Kohlenstoff ist mit Abstand das vielseitigste chemische Element, und eins der wichtigsten für den Menschen: Praktisch alle lebensnotwendigen Biomoleküle basieren auf einem Grundgerüst aus Kohlenstoffatomen – eine unzählbare Menge unterschiedlicher organischer Verbindungen.
Genauso faszinierend sind die vielen unterschiedlichen Erscheinungsformen des elementaren Kohlenstoffs: einerseits funkelnder Diamant, andererseits schwarze Kohle. Kohlefasern sind als Leichtbauwerkstoff mittlerweile weit verbreitet, von Angelruten über Fahrradrahmen bis hin zu Flugzeugteilen. Darüber hinaus gibt es die exotisch anmutenden Kohlenstoff-Nanoröhrchen und die fußballartigen Fullerene mit ihren ganz eigenen physikalischen und chemischen Eigenschaften.
Exotischer Kohlenstoff im Bleistiftstrich
Das Graphen, einer dieser Exoten, ist eigentlich gar nicht so exotisch: In kleinsten Mengen kommt es bereits in jedem Bleistiftstrich vor. Die Mine im Bleistift besteht aus Graphit. Diese Form des Kohlenstoffs besteht aus unzähligen Schichten. In jeder dieser Schichten wiederum bilden die Kohlenstoffatome, zu Sechsecken angeordnet, ein absolut regelmäßiges Gitter. Diese Schichtstruktur gibt bereits dem Graphit interessante Eigenschaften: So leitet er beispielsweise hervorragend elektrischen Strom – aber nur parallel zum Schichtverlauf, nicht quer dazu.
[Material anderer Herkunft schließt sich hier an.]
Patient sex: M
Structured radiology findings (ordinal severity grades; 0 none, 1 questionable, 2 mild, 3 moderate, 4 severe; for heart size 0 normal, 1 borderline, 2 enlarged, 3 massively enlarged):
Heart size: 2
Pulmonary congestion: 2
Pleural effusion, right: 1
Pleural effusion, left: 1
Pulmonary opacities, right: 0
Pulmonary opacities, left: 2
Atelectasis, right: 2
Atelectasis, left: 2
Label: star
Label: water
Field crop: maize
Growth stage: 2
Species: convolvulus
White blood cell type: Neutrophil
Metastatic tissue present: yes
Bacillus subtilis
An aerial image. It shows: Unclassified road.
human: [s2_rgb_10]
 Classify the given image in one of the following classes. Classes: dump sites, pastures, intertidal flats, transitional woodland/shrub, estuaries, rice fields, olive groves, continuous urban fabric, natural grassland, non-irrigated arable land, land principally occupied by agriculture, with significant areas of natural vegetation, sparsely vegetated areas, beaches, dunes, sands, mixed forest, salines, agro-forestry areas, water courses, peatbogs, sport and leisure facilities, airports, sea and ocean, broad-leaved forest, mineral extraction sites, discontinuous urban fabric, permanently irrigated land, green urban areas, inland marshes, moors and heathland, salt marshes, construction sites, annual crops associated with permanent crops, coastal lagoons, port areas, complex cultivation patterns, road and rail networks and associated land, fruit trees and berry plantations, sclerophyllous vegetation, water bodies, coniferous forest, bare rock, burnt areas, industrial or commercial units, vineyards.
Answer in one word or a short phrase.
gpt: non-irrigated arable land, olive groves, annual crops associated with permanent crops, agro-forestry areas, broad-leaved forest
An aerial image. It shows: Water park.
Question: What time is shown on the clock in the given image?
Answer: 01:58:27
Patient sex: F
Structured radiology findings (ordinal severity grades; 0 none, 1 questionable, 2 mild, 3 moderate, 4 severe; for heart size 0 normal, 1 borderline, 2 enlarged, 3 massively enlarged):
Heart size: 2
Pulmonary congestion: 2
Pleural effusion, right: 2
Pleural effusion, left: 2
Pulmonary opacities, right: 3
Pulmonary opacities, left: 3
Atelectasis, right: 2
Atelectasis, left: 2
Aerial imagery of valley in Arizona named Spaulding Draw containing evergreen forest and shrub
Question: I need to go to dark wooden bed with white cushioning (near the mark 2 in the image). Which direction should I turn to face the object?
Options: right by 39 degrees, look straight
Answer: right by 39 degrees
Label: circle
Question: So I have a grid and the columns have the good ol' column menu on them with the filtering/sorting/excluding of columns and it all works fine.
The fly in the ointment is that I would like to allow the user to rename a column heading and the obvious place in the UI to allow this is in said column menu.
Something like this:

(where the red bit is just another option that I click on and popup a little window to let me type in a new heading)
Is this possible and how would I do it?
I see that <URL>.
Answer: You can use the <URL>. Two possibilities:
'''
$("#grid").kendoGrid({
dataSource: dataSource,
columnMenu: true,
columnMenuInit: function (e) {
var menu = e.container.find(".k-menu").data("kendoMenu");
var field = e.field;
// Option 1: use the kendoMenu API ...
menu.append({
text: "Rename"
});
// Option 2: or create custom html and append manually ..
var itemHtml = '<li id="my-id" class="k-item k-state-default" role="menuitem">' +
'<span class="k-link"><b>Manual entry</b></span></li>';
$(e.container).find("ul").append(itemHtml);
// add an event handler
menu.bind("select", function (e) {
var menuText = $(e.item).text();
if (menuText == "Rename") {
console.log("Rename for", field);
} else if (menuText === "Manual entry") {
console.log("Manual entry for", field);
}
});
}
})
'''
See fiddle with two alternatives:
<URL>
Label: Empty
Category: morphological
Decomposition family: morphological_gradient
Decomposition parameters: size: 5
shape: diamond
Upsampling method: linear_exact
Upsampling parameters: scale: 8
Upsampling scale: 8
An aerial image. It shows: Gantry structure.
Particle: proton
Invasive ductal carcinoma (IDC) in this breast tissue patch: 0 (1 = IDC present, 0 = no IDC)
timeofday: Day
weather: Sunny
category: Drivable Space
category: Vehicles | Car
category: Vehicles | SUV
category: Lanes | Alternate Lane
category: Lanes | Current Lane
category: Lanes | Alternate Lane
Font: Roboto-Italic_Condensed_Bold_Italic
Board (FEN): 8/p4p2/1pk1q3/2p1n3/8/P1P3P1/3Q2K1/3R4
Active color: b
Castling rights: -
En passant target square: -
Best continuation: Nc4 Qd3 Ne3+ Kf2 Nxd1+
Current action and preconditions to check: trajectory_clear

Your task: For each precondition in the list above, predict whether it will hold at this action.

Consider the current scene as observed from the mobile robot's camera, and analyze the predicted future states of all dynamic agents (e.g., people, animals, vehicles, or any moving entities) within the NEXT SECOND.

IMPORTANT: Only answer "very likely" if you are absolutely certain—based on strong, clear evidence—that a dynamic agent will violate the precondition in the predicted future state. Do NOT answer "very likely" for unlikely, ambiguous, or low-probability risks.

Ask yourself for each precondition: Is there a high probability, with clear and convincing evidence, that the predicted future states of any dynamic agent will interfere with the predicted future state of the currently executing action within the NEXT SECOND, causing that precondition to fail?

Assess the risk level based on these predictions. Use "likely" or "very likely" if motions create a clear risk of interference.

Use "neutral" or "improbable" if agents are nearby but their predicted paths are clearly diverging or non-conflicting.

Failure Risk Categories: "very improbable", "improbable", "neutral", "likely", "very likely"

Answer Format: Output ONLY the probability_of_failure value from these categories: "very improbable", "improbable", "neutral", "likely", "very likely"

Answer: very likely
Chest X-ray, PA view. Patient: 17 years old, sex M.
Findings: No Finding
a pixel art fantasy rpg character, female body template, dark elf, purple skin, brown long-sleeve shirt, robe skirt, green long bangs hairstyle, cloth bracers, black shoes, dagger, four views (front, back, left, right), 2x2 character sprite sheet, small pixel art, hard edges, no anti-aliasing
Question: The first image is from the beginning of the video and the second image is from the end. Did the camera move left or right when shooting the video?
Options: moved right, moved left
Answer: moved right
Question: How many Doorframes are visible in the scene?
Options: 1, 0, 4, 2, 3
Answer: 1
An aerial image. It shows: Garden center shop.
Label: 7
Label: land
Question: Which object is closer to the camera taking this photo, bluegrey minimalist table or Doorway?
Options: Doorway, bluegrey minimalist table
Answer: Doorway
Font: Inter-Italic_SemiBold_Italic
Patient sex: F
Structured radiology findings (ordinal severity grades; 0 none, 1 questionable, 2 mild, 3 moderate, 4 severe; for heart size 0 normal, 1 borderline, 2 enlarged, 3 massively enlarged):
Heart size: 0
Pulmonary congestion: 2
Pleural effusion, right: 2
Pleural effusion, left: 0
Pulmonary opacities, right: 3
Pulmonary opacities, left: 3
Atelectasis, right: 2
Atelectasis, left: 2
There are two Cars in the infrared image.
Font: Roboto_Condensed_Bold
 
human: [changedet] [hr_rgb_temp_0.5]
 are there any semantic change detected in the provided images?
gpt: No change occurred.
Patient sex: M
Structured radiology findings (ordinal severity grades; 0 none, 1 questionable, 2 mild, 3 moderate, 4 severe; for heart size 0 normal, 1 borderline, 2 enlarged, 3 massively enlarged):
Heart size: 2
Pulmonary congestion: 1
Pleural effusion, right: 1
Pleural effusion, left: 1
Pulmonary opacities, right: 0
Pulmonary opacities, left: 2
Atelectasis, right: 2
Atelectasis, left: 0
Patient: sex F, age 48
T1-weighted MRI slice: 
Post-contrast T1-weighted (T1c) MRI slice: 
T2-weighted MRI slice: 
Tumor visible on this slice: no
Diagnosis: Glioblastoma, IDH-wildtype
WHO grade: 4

Ein Stapel von drei Millionen dieser Schichten bildet lediglich einen Millimeter Graphit. Schon vor über 70 Jahren spekulierten Wissenschaftler darüber, wie sich wohl eine einzelne Schicht Graphit verhalten könnte. Sie gaben dem – damals noch hypothetischen – Material den Namen Graphen. Von anderen Kohlenstoff-Nanomaterialien waren bereits solche Einzelschichten bekannt: In den Nanoröhrchen und Fullerenen sind sie zu Rollen und Kugeln geformt. Auch diese tragen das charakteristische Sechseck-Muster.
Dennoch ging niemand davon aus, dass es das Graphen als freie Schicht, gewissermaßen eine superdünne Kohlenstoff-Folie, tatsächlich geben könnte: Eine einzelne Lage von Atomen musste einfach viel zu instabil sein, so die verbreitete Annahme.